[Excerpts from a dataset]
::::
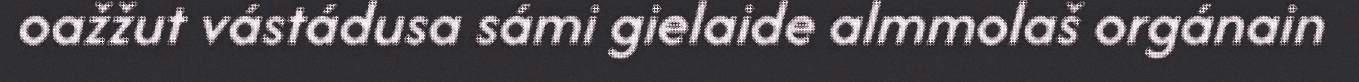
oažžut vástádusa sámi gielaide almmolaš orgánain
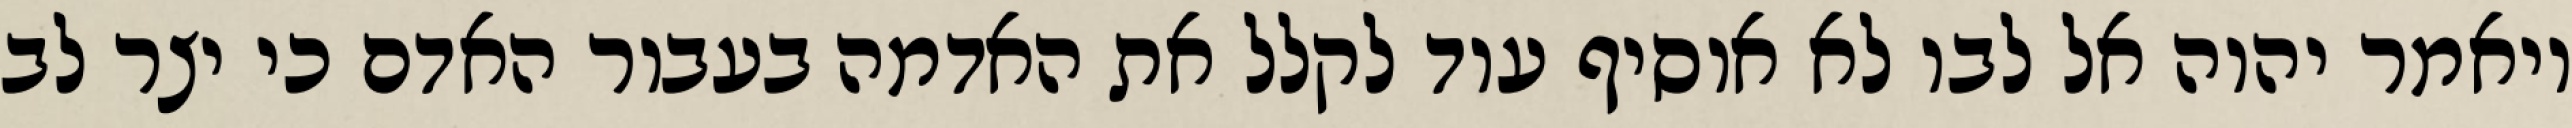
ויאמר יהוה אל לבו לא אוסיף עוד לקלל את האדמה בעבור האדם כי יצר לב
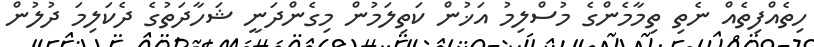
ހިތެއްފިތެއް ނެތި ތިމާމެންގެ މުސްލިމު އަޚުން ކަތިލަމުން މިގެންދަނީ ޝަހާދަތުގެ ދެކަލިމަ ދުލުން
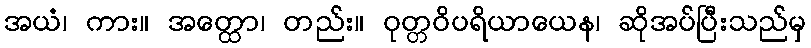
အယံ၊ ကား။ အတ္ထော၊ တည်း။ ဝုတ္တဝိပရိယာယေန၊ ဆိုအပ်ပြီးသည်မှ
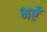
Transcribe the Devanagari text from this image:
भएँ
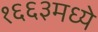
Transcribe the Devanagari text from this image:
१६६३मध्ये
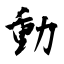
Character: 動
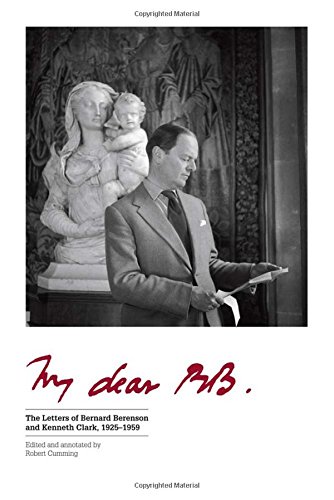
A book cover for My Dear BB . . .: The Letters of Bernard Berenson and Kenneth Clark, 1925EE1959; Literature & Fiction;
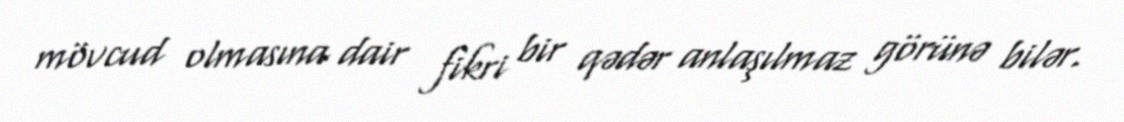
mövcud olmasına dair fikri bir qədər anlaşılmaz görünə bilər.
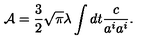
{ \cal A } = { \frac { 3 } { 2 } } \sqrt { \pi } \lambda \int d t { \frac { c } { a ^ { i } a ^ { i } } } .
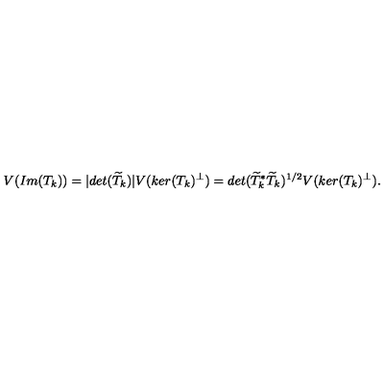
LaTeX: V ( I m ( T _ { k } ) ) = | d e t ( \widetilde { T } _ { k } ) | V ( k e r ( T _ { k } ) ^ { \perp } ) = d e t ( \widetilde { T } _ { k } ^ { * } \widetilde { T } _ { k } ) ^ { 1 / 2 } V ( k e r ( T _ { k } ) ^ { \perp } ) .
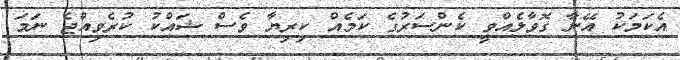
އެކަމަކު އޭނާ ގޮވާލެއްވީ ކެންސަރުގެ ކަމެއް ކިރިޔާ ވެސް ޝައްކު ކުރެވިއްޖެ ނަމަ
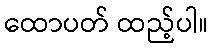
ထောပတ် ထည့်ပါ။
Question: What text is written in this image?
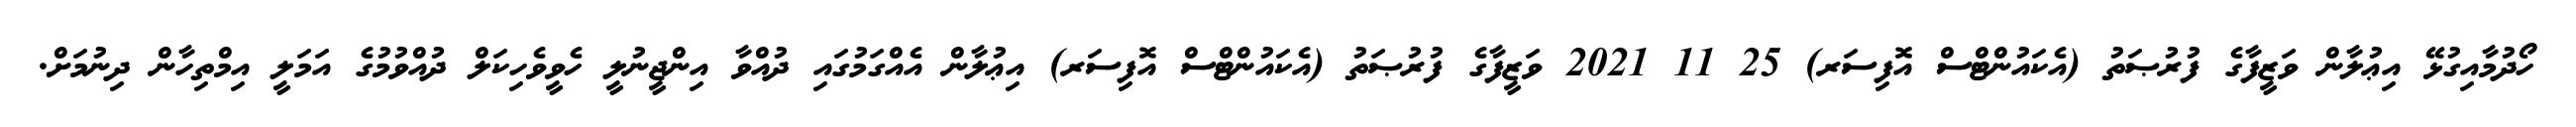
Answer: ހޯދުމާއިގުޅޭ އިޢުލާން ވަޒީފާގެ ފުރުޞަތު (އެކައުންޓްސް އޮފިސަރ) 25 11 2021 ވަޒީފާގެ ފުރުޞަތު (އެކައުންޓްސް އޮފިސަރ) އިޢުލާން އެއްގަމުގައި ދުއްވާ އިންޖީނުލީ ހެވީވެހިކަލް ދުއްވުމުގެ އަމަލީ އިމްތިހާން ދިނުމަށް.
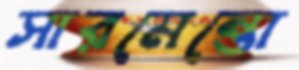
সারমেন্তো
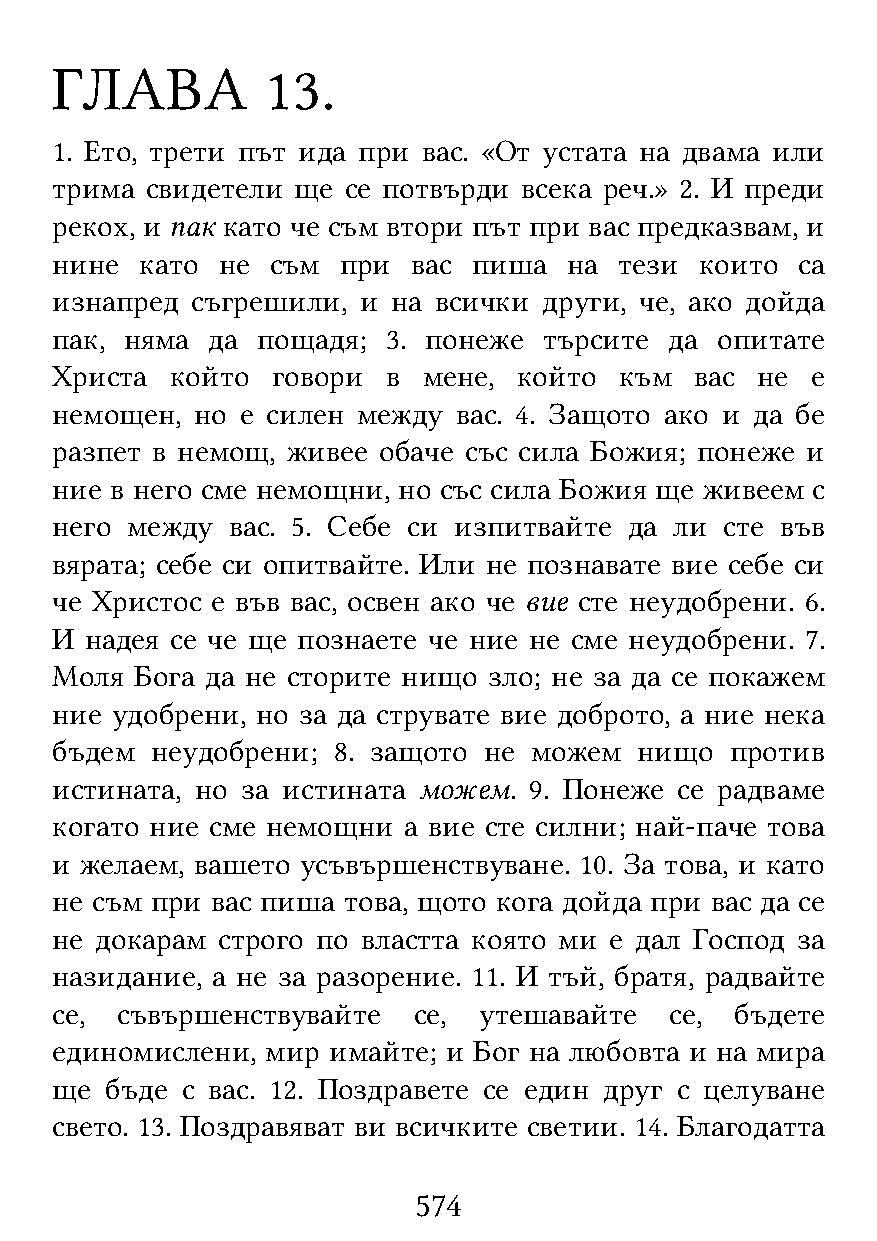
ГЛАВА          13.
 1. Ето, трети път ида при вас. «От устата на двама или
 трима  свидетели ще се потвърди всека реч.» 2. И преди
 рекох, и пак като че съм втори път при вас предказвам, и
 нине  като не  съм при  вас пиша   на тези които  са
 изнапред  съгрешили, и на всички други, че, ако дойда
 пак, няма  да пощадя;  3. понеже търсите да опитате
 Христа  който  говори  в мене, който  към  вас не  е
 немощен,  но е силен между вас. 4. Защото ако и да бе
 разпет в немощ, живее обаче със сила Божия; понеже и
 ние в него сме немощни, но със сила Божия ще живеем с
 него между  вас. 5. Себе си изпитвайте да ли сте във
 вярата; себе си опитвайте. Или не познавате вие себе си
 че Христос е във вас, освен ако че вие сте неудобрени. 6.
 И  надея се че ще познаете че ние не сме неудобрени. 7.
 Моля  Бога да не сторите нищо зло; не за да се покажем
 ние удобрени, но за да струвате вие доброто, а ние нека
 бъдем  неудобрени; 8. защото не можем  нищо  против
 истината, но за истината можем. 9. Понеже се радваме
 когато ние сме немощни  а вие сте силни; най-паче това
 и желаем, вашето усъвършенствуване. 10. За това, и като
 не съм при вас пиша това, щото кога дойда при вас да се
 не докарам строго по властта която ми е дал Господ за
 назидание, а не за разорение. 11. И тъй, братя, радвайте
 се,  съвършенствувайте  се,  утешавайте  се,  бъдете
 единомислени,  мир имайте; и Бог на любовта и на мира
 ще  бъде с вас. 12. Поздравете се един друг с целуване
 свето. 13. Поздравяват ви всичките светии. 14. Благодатта
 574
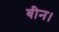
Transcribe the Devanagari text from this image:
बीन।
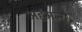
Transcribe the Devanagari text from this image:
अहंमन्य
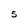
Character: 5
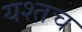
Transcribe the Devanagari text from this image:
यश्तच
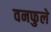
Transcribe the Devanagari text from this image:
वनफुले
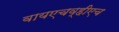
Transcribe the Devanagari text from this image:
वायएचव्हीएच
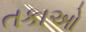
તકાઓ
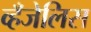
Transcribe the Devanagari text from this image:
व्हँजेलिस
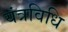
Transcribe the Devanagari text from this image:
यंत्रविधि
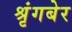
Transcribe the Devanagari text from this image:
श्रृंगबेर
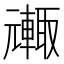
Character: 𮝦
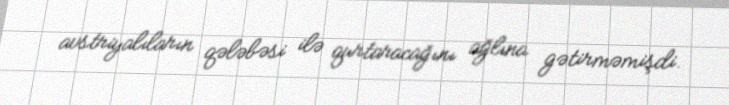
avstriyalıların qələbəsi ilə qurtaracağını ağlına gətirməmişdi.
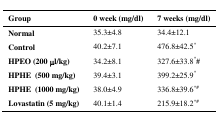
| Group | 0 week (mg/dl) | 7 weeks (mg/dl) |
 | --- | --- | --- |
 | Normal | 35.3±4.8 | 34.4±12.1 |
 | Control | 40.2±7.1 | 476.8±42.5* |
 | HPEO (200 l/kg) | 34.2±8.1 | 327.6±33.8*# |
 | HPHE (500 mg/kg) | 39.4±3.1 | 399.2±25.9* |
 | HPHE (1000 mg/kg) | 38.0±4.9 | 336.8±39.6*# |
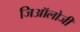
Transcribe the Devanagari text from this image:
जिऑलोजी
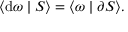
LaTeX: \langle \mathrm { d } \omega \mid S \rangle = \langle \omega \mid \partial S \rangle .
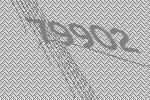
79902
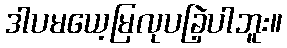
ဒါပမယေ့မြလုပခြဲ့ပါဘူး။
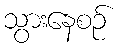
သွားနေစဉ်
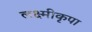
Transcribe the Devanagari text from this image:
लक्ष्मीकृपा
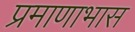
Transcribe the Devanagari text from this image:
प्रमाणाभास
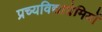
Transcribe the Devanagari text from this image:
प्रच्यविद्याप्रेमियों
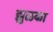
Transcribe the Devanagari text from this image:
झुळका
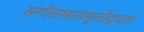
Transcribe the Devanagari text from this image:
संगीतसारामृतोद्धार
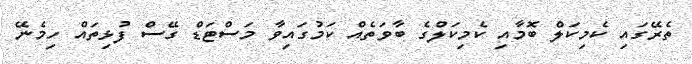
ތެރޭގައި ކެމިކަލް ބޮމާއި ކެމިކަލްގެ ބާވަތެއް ކަމުގައިވާ މަސްޓަޑް ގޭސް ފުޅިތައް ހިމެނޭ
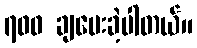
၇၀၀ ချပေးခဲ့ပါတယ်။
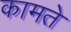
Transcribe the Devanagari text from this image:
कामते
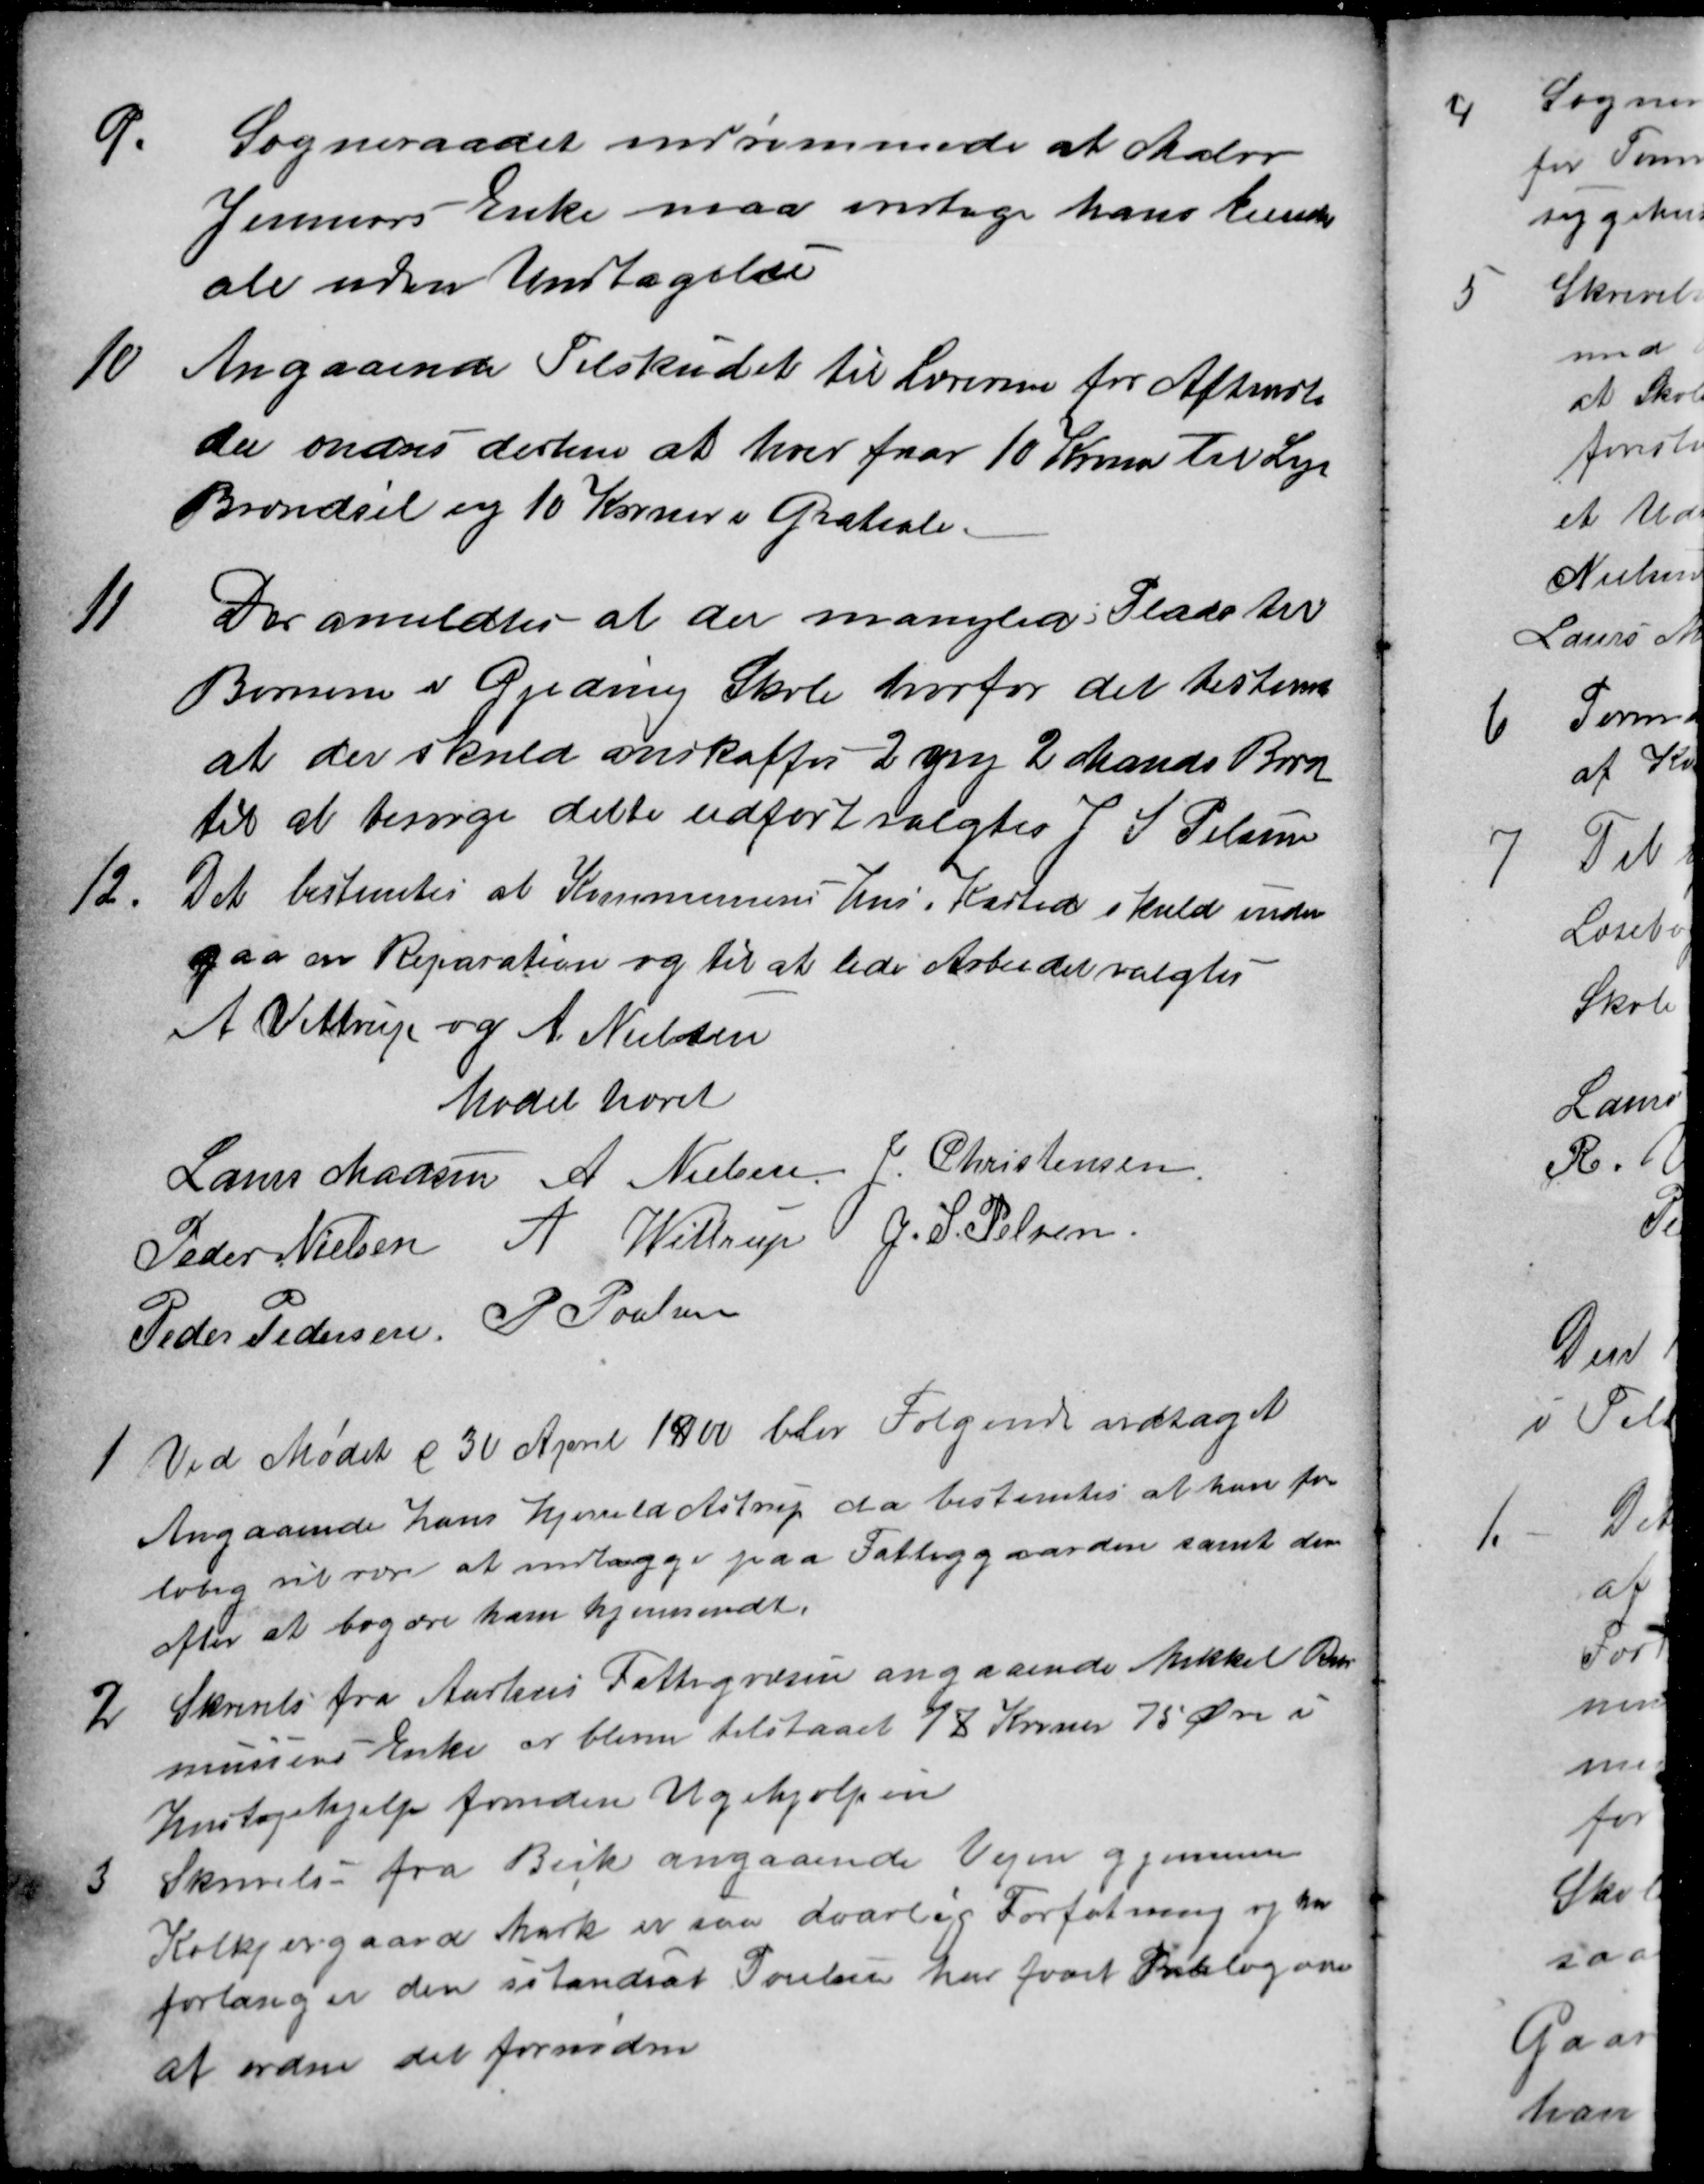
::::
Your reply should hold nothing but the lines above, from the one containing "LaTeX: V ( I" to the one containing "Question: What text is written in this image?", reproduced exactly minus the pictures.

▶ [SOLUTION FOR THIS TASK]:
LaTeX: V ( I m ( T _ { k } ) ) = | d e t ( \widetilde { T } _ { k } ) | V ( k e r ( T _ { k } ) ^ { \perp } ) = d e t ( \widetilde { T } _ { k } ^ { * } \widetilde { T } _ { k } ) ^ { 1 / 2 } V ( k e r ( T _ { k } ) ^ { \perp } ) .
އެކަމަކު އޭނާ ގޮވާލެއްވީ ކެންސަރުގެ ކަމެއް ކިރިޔާ ވެސް ޝައްކު ކުރެވިއްޖެ ނަމަ
ထောပတ် ထည့်ပါ။
Question: What text is written in this image?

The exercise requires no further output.